The GREAT Arbitrage Opportunity
Written by Jeff Nielson, Sprott Money News
For the past several years, readers have seen these articles focus on the primary reason for accumulating and holding precious metals: to protect ourselves from the monetary/financial frauds of the banking crime syndicate. These frauds are aimed squarely at stealing our wealth.
In the absence of the gold standard, there is no way to protect savings from confiscation through inflation.
– Alan Greenspan, 1966
This flawed warning (from an extremely flawed individual) is incorrect. In the absence of a gold standard – and Honest Money – we can still protect ourselves from theft-via-inflation by converting our worthless paper currencies into gold and silver money.
This is, by far, the most important reason for accumulating precious metals: playing defense against the rapacious crimes of History's worst crime syndicate, the One Bank. But it's not the only strong argument for accumulating precious metals. Ironically, it is the banking crime syndicate itself that has created this major additional incentive to hold gold and silver.
Any precious metals investors with any degree of sophistication understand that gold and silver prices are permanently suppressed by the banking crime syndicate. It has a multi-trillion dollar motive to do so: to hide all of its theft-by-money-printing.
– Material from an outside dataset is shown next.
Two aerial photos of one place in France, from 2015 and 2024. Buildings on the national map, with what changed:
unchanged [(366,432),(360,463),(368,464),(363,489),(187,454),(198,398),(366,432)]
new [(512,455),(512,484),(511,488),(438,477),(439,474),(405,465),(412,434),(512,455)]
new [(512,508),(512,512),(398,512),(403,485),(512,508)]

If gold and silver prices were soaring alongside all this monetary/financial fraud (as they should be doing), the One Bank's theft-by-inflation would be completely unmasked. Indeed, suppressing gold and silver prices have been the single most-intense serial crime committed by the One Bank in all of our markets.
Gold and silver prices are not merely suppressed these days, these markets have been completely crushed. Prices are so low that the gold and silver mining industries are both in a permanent depression. Mine reserves for gold mining companies have sunk to a 30-year low. The silver market has had a supply deficit for 30 years.
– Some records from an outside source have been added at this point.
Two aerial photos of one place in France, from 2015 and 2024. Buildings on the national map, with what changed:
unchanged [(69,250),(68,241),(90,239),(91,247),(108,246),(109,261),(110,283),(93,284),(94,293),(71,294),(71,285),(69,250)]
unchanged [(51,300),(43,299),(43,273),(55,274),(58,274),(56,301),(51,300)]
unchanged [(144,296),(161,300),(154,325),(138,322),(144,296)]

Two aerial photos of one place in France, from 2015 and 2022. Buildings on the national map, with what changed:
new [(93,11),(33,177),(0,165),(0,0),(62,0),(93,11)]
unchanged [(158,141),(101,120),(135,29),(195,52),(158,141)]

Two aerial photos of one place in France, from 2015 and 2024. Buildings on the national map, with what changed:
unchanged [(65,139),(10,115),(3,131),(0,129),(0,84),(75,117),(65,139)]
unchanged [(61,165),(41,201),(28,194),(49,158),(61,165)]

The flip-side of this extreme, serial market crime is that gold and silver represent (by far) the most-undervalued assets in the world today. And that spells the world's greatest arbitrage opportunity.
Investors are generally familiar with the concept of arbitrage in terms of buying an asset in one market where it has been mis-priced (under-priced) and then selling that asset for full value in a different market. This is market arbitrage.
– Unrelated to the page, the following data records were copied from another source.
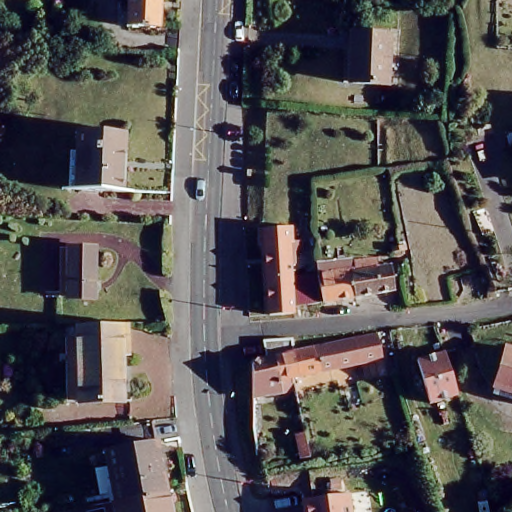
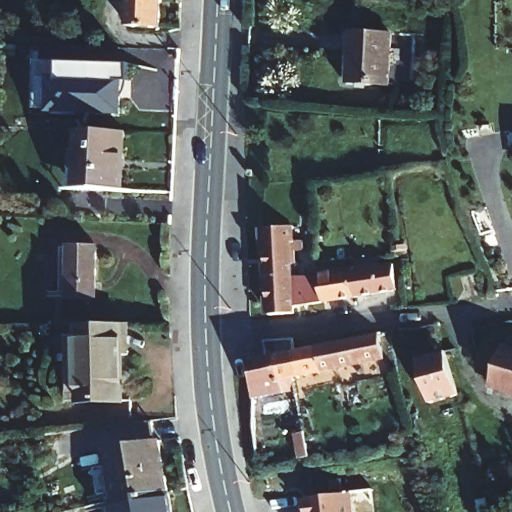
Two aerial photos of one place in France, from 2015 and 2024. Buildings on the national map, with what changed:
unchanged [(155,22),(123,21),(125,0),(156,0),(155,22)]
unchanged [(346,30),(388,32),(385,82),(344,80),(346,30)]
new [(113,116),(48,115),(48,109),(42,109),(42,103),(38,103),(39,63),(127,65),(126,92),(122,92),(117,111),(113,116)]
unchanged [(120,130),(118,157),(113,157),(111,190),(71,187),(74,127),(120,130)]
unchanged [(287,224),(286,242),(296,242),(296,251),(285,252),(286,276),(314,276),(315,287),(318,298),(318,301),(286,306),(287,312),(266,312),(261,244),(257,244),(258,227),(287,224)]
unchanged [(62,242),(89,242),(90,293),(62,294),(62,242)]
unchanged [(373,266),(386,263),(391,288),(350,295),(347,275),(344,259),(373,257),(373,266)]
unchanged [(318,298),(315,287),(314,276),(313,270),(312,261),(344,259),(347,275),(350,295),(318,301),(318,298)]
unchanged [(126,322),(127,351),(123,352),(123,400),(70,400),(69,336),(83,335),(83,323),(126,322)]
unchanged [(248,365),(254,358),(259,358),(254,343),(286,337),(289,350),(373,332),(378,358),(288,377),(290,389),(248,398),(248,365)]
unchanged [(512,352),(512,394),(490,388),(499,348),(512,352)]
unchanged [(419,404),(413,384),(407,362),(412,360),(411,358),(439,350),(447,372),(452,389),(453,393),(419,404)]
unchanged [(110,494),(101,441),(155,431),(164,483),(110,494)]
unchanged [(300,439),(310,437),(314,461),(306,463),(300,439)]
unchanged [(102,512),(98,496),(110,494),(164,483),(170,512),(102,512)]
unchanged [(344,512),(298,512),(298,506),(342,500),(344,512)]

However, this is a concept that can easily and naturally be extended into different forms. Today, we have some assets (gold and silver) priced at unprecedented lows versus all other asset classes – asset-class arbitrage.
Then we have assets priced at extreme highs versus other asset classes.
1) Western bonds – These are the unsecured debts of bankrupt governments, presently priced at the highest prices in history.
2) U.S. equities – These are the most over-priced equities in the history of markets. Since 2011; there has been virtually zero earnings growth in U.S. markets – while valuations went straight up. For five of the last six quarters, corporate earnings have been falling.
3) Western real estate – What do you get from nearly a decade of the lowest (and most-fraudulent) interest rates in History? You get the worst real estate bubbles in history.
Including Japan, there are roughly $50 trillion in worthless sovereign debt that is priced at the highest prices in History: the greatest arbitrage opportunity in History. The insane equities bubbles of Wall Street now have total market capitalization of over $20 trillion. The real value of most of these stocks is a tiny fraction of that amount.
Then there is Western real estate. Low interest rates are the single strongest driver of real estate bubbles. The lowest interest rates in History, frozen for an entire decade, represent rocket fuel for real estate bubbles. Real estate in many major urban Western markets has never been more over-priced: another $10 trillion or so in grossly over-priced assets.
What would happen if even a small portion of these holders of $80+ trillion in History's most over-priced assets attempted to take advantage of the world's greatest arbitrage opportunity? At current, depressed prices, there is less than $5 trillion in gold and silver across the entire planet. Total market cap for all of the ridiculously suppressed gold and silver mining companies is under $1 trillion.
If less than 10% of the holders of these grossly over-priced Western assets tried to get into gold and silver they would have to buy up every gold and silver asset on the planet. And in trying to buy up every single gold and silver asset on the planet, that demand pressure alone would send gold and silver prices skyrocketing.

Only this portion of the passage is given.